Mon chat thérapeutique et moi, par Joyce Carol Oates

Par Joyce Carol Oates, écrivaine — 
Photo Abdesslam Mirdass. Hans Lucas

Par temps d’isolement, pour les neurasthéniques dont la communauté grossit à vue d’œil, les ronrons sont devenus un «bruit blanc», un grésillement réconfortant qui remplacerait même la commisération humaine. Auprès de la romancière et tweeteuse «JCO», il y a Zanche…

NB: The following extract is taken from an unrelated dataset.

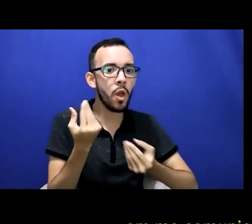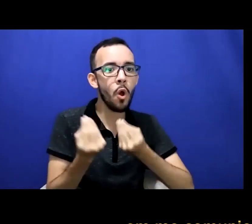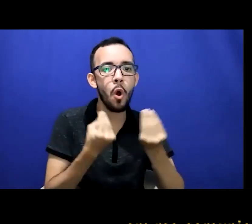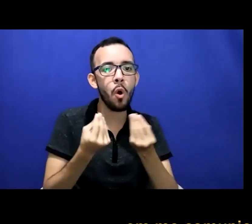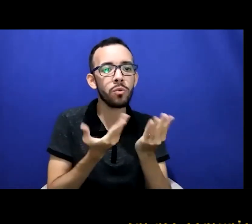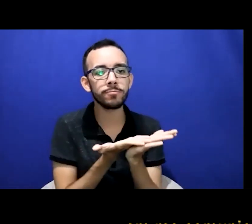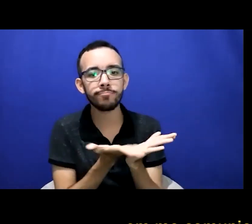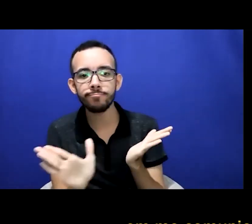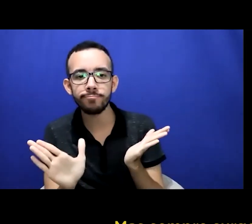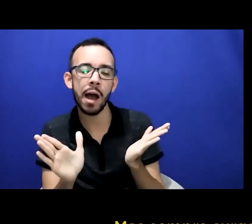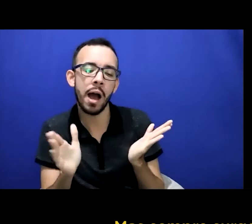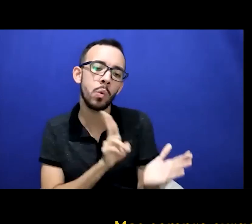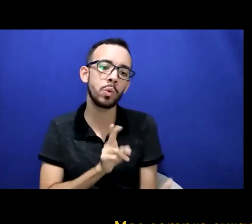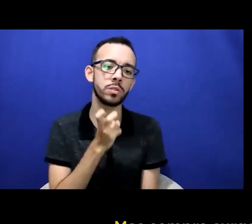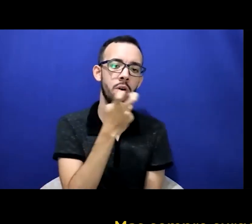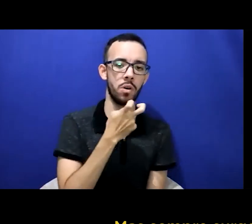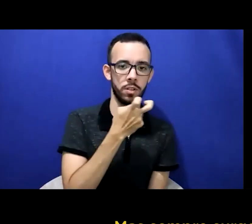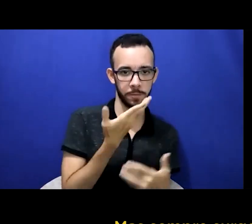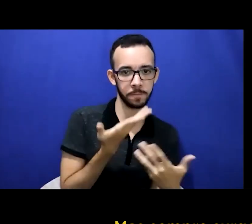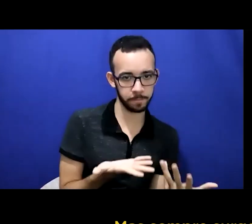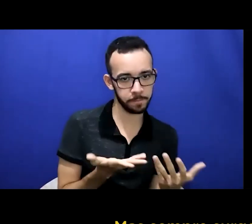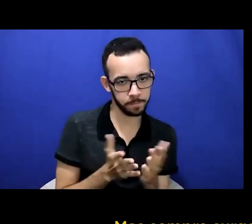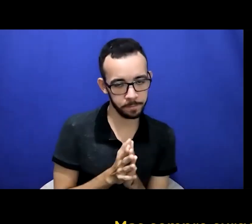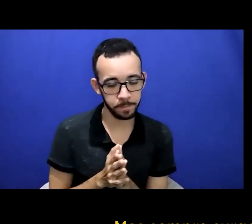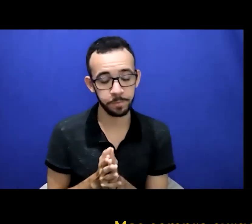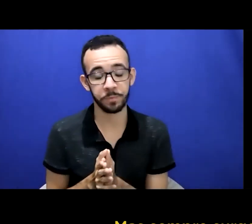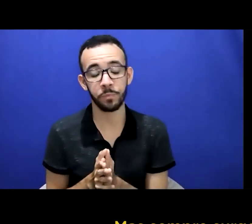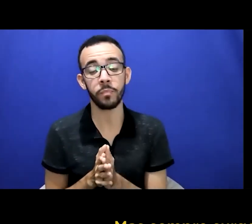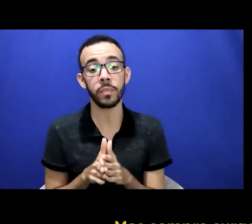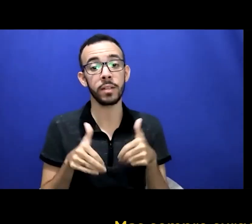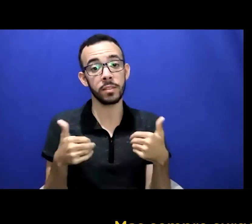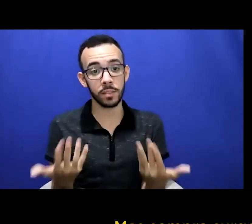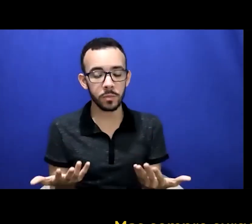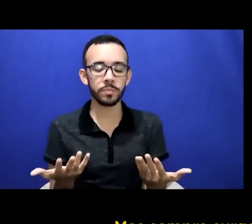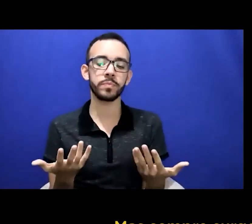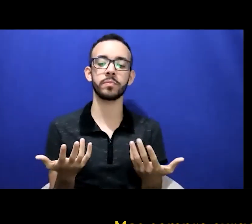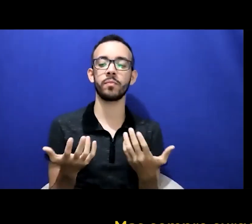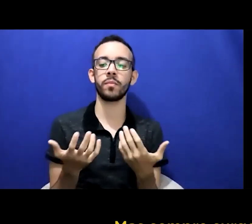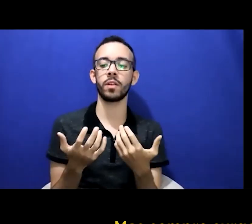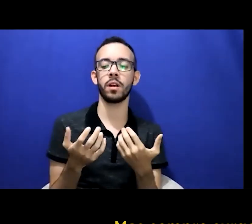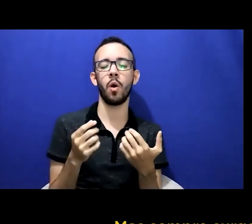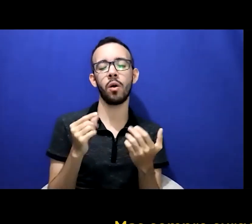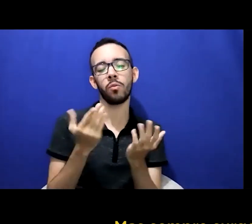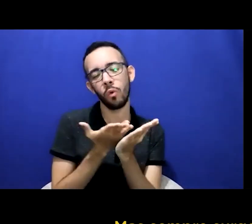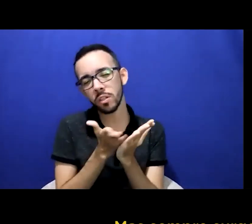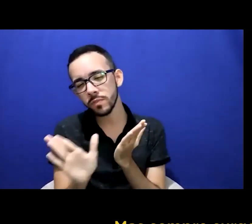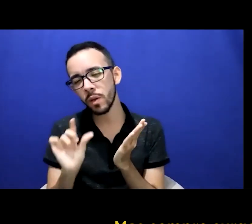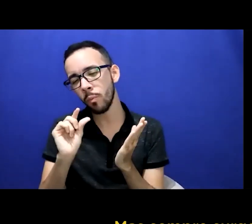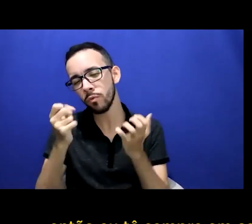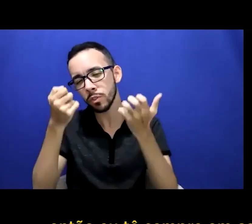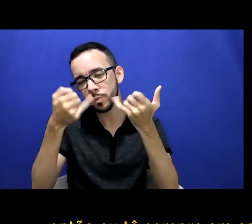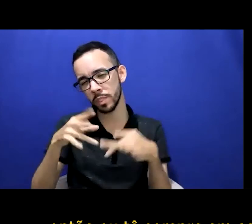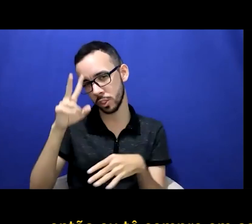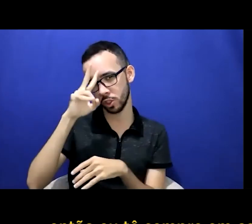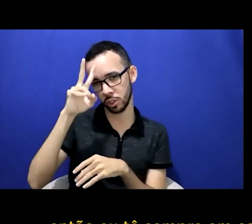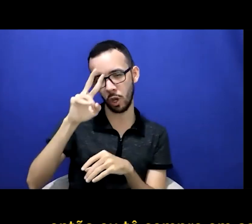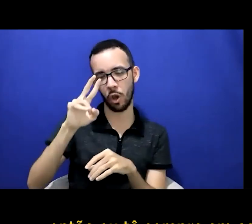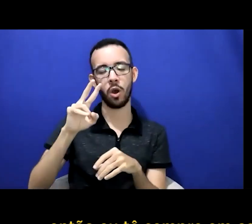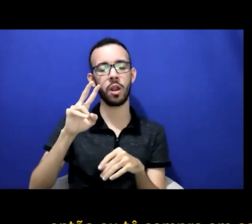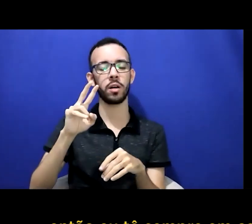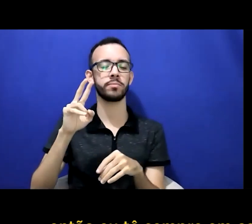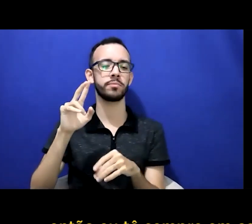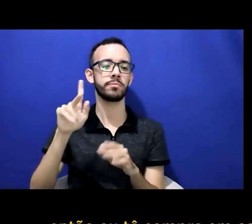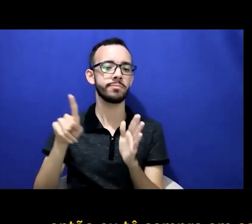me comunicar em libras mas sempre surge a necessidade de oralizar ou ter que ler alguma coisa então estou

Tribune. Le conseil de W. H. Auden : «Pas de plans sur la comète.» Sage prescription pour temps de réclusion. Car aujourd’hui, qui peut rêver à un avenir ! D’ordinaire si prévisible, immuable et agréable (enfin, jusqu’à un certain point), ma vie est devenue aussi bringuebalée qu’un wagon de montagnes russes lancé à tombeau ouvert. Incapable de travailler ou, disons, de trouver la concentration nécessaire à la préparation de mon travail, me voici en proie aux mails, textos et autres coups de fil intempestifs m’apportant leur lot de nouvelles «croustillantes», quelques infimes lueurs d’espoir pour un surcroît d’horreur : 76 000 morts du coronavirus aux Etats-Unis, et le compteur qui n’en finit pas de tourner.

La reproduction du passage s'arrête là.